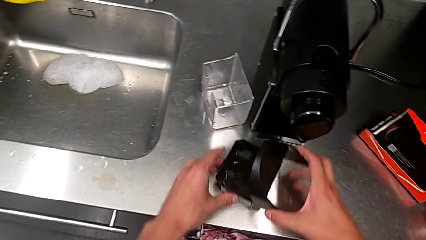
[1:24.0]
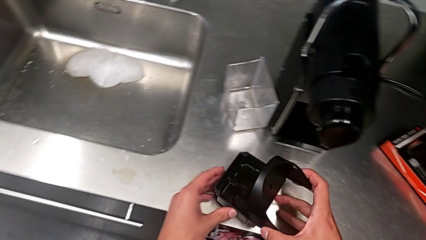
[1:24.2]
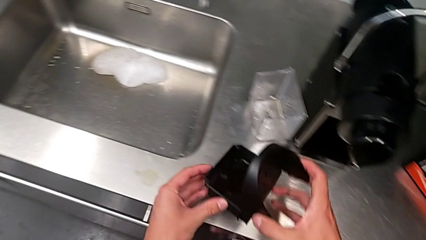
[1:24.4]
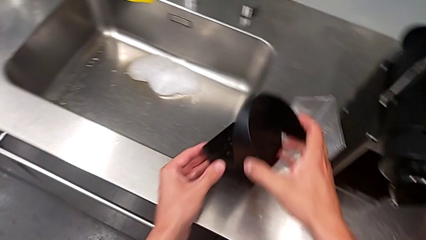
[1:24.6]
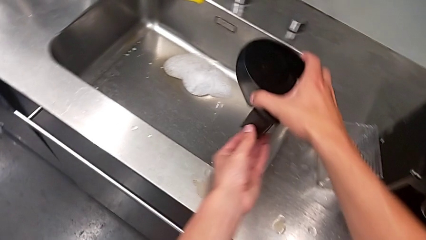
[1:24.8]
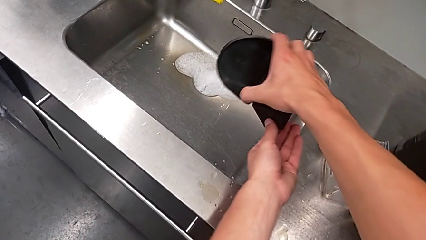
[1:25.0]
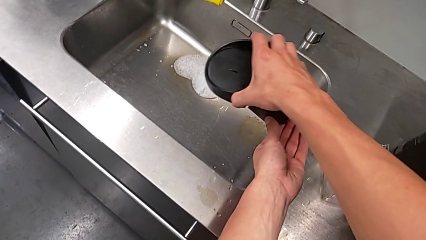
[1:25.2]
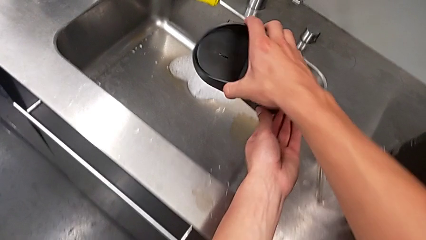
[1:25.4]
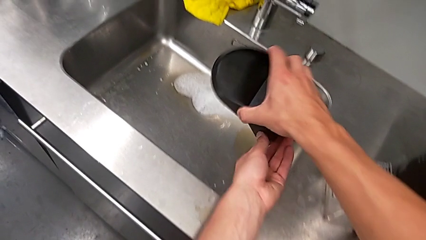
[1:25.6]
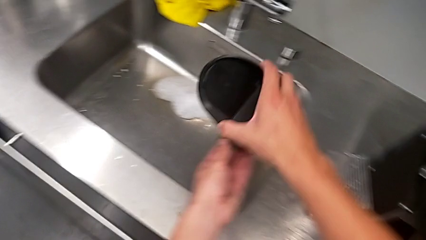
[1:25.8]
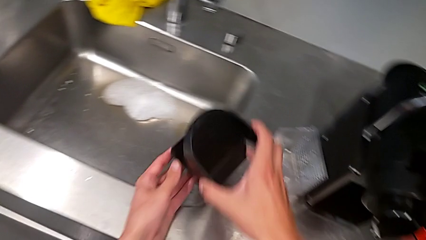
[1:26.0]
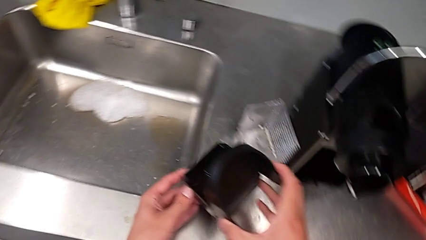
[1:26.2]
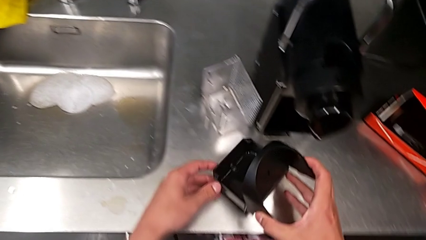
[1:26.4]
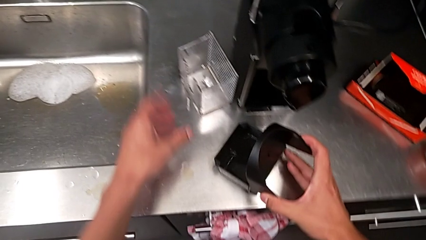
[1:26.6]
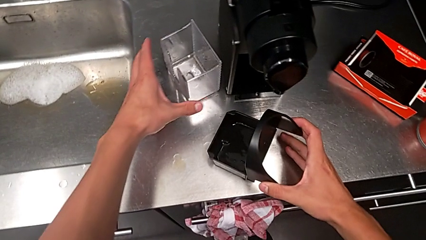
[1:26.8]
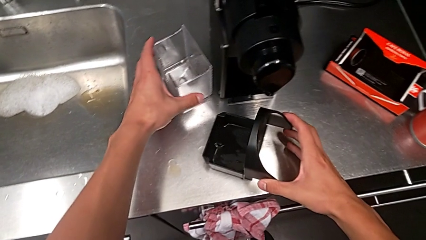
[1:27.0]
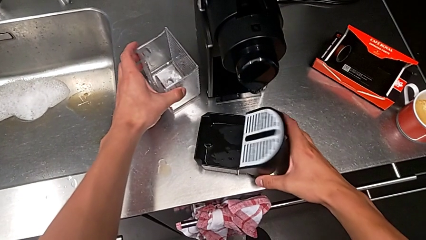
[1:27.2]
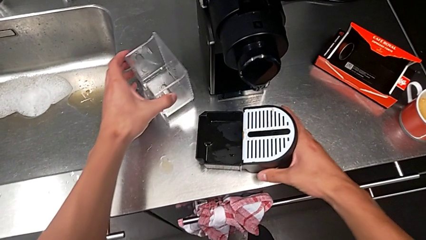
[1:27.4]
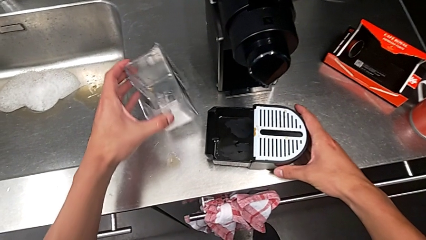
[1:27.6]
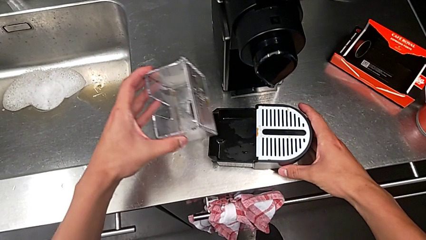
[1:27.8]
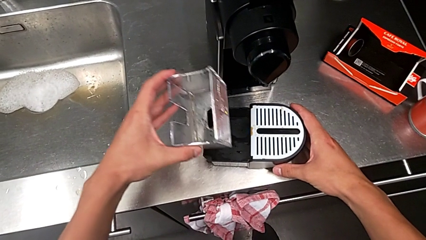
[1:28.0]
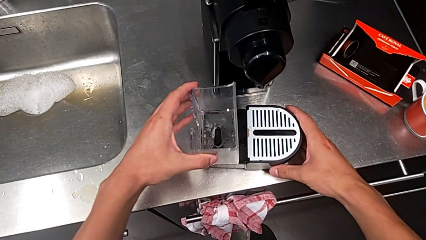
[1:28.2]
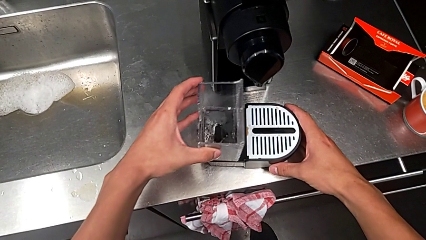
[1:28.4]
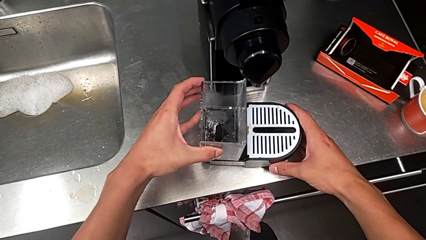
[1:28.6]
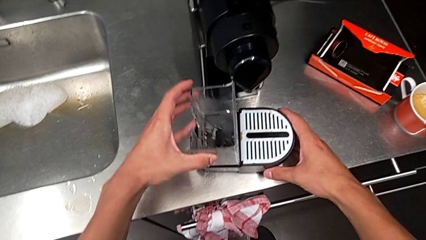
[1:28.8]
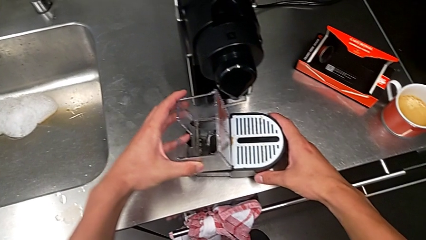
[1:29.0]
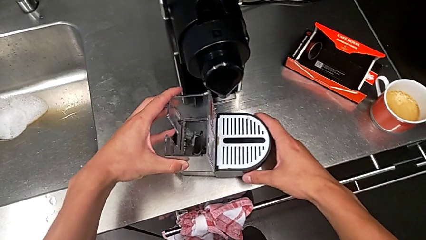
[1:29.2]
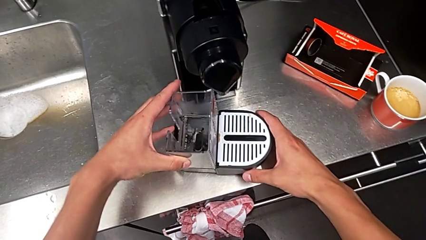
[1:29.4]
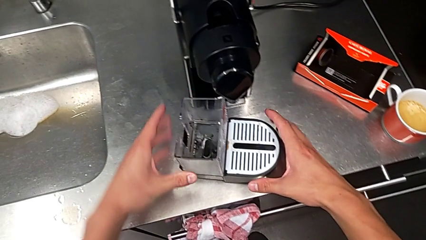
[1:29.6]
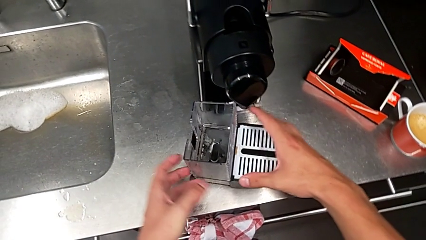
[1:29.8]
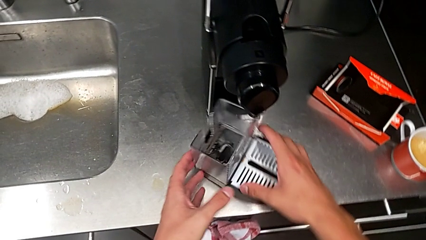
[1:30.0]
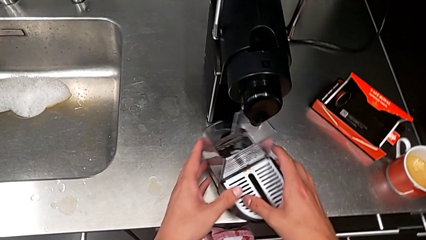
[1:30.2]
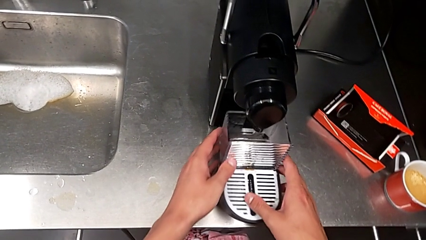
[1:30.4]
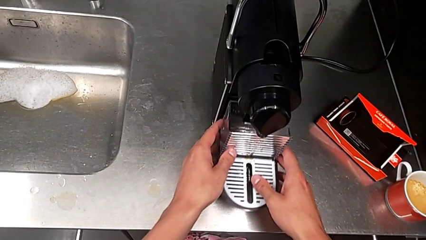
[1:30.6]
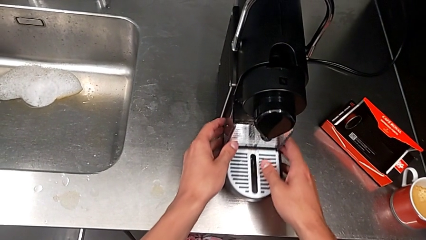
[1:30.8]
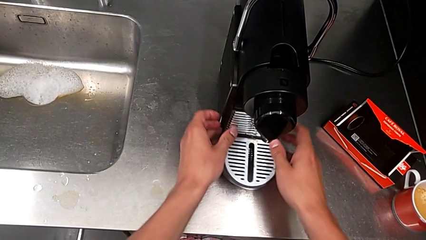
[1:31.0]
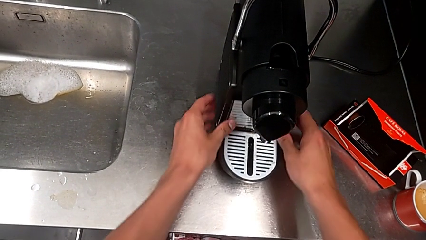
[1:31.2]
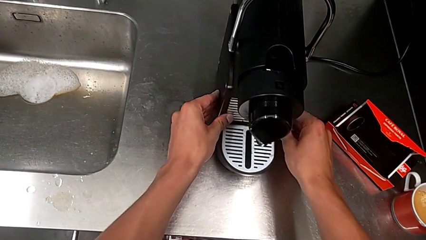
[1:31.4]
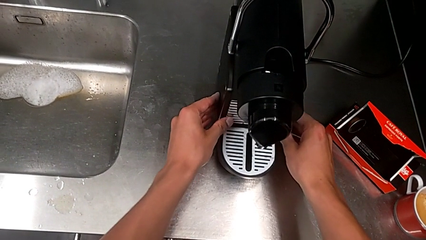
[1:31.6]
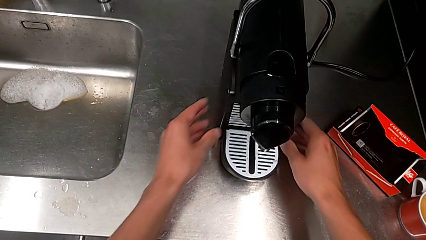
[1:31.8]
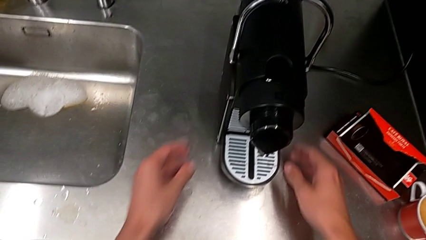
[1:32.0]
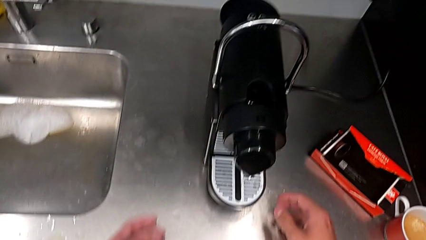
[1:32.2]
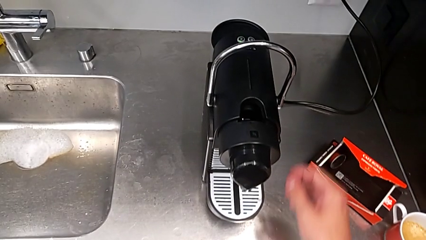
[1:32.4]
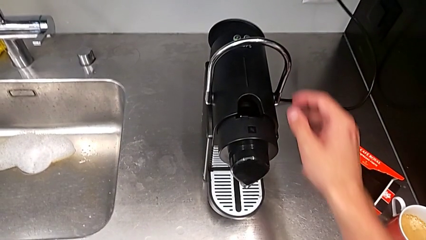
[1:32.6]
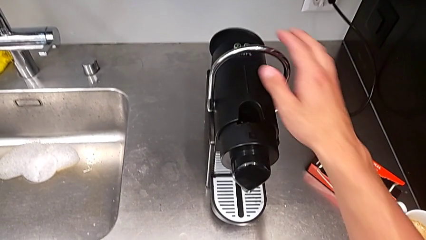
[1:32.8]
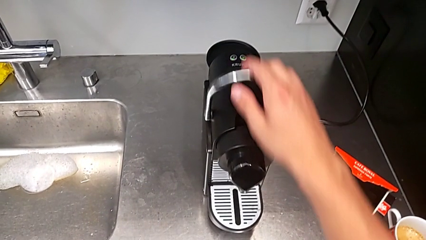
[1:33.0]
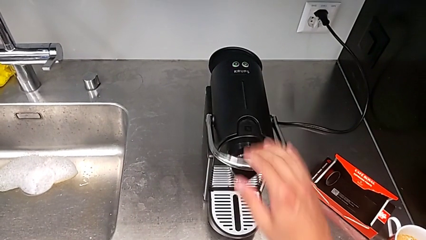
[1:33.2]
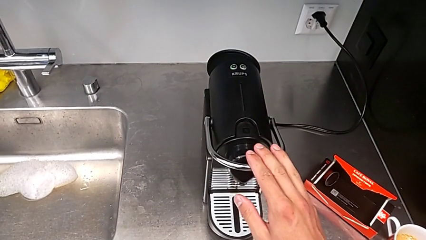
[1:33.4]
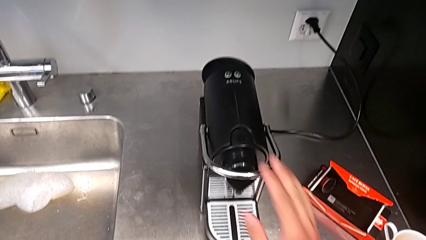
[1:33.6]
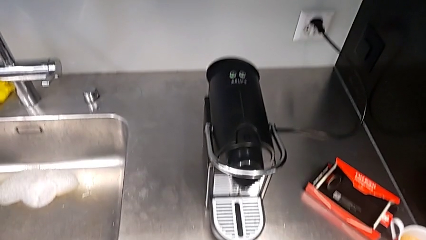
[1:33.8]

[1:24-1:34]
The camera wearer is emptying the drip tray every day. They empty the drip tray, place it, grab the capsule container, assemble it, align both drip trays, insert the drip tray and slide the lever.

| Task brief |
Although the records include pictures, output only their text, exactly and completely.

| Answer box |
[1:24.0]
[1:24.2]
[1:24.4]
[1:24.6]
[1:24.8]
[1:25.0]
[1:25.2]
[1:25.4]
[1:25.6]
[1:25.8]
[1:26.0]
[1:26.2]
[1:26.4]
[1:26.6]
[1:26.8]
[1:27.0]
[1:27.2]
[1:27.4]
[1:27.6]
[1:27.8]
[1:28.0]
[1:28.2]
[1:28.4]
[1:28.6]
[1:28.8]
[1:29.0]
[1:29.2]
[1:29.4]
[1:29.6]
[1:29.8]
[1:30.0]
[1:30.2]
[1:30.4]
[1:30.6]
[1:30.8]
[1:31.0]
[1:31.2]
[1:31.4]
[1:31.6]
[1:31.8]
[1:32.0]
[1:32.2]
[1:32.4]
[1:32.6]
[1:32.8]
[1:33.0]
[1:33.2]
[1:33.4]
[1:33.6]
[1:33.8]

[1:24-1:34]
The camera wearer is emptying the drip tray every day. They empty the drip tray, place it, grab the capsule container, assemble it, align both drip trays, insert the drip tray and slide the lever.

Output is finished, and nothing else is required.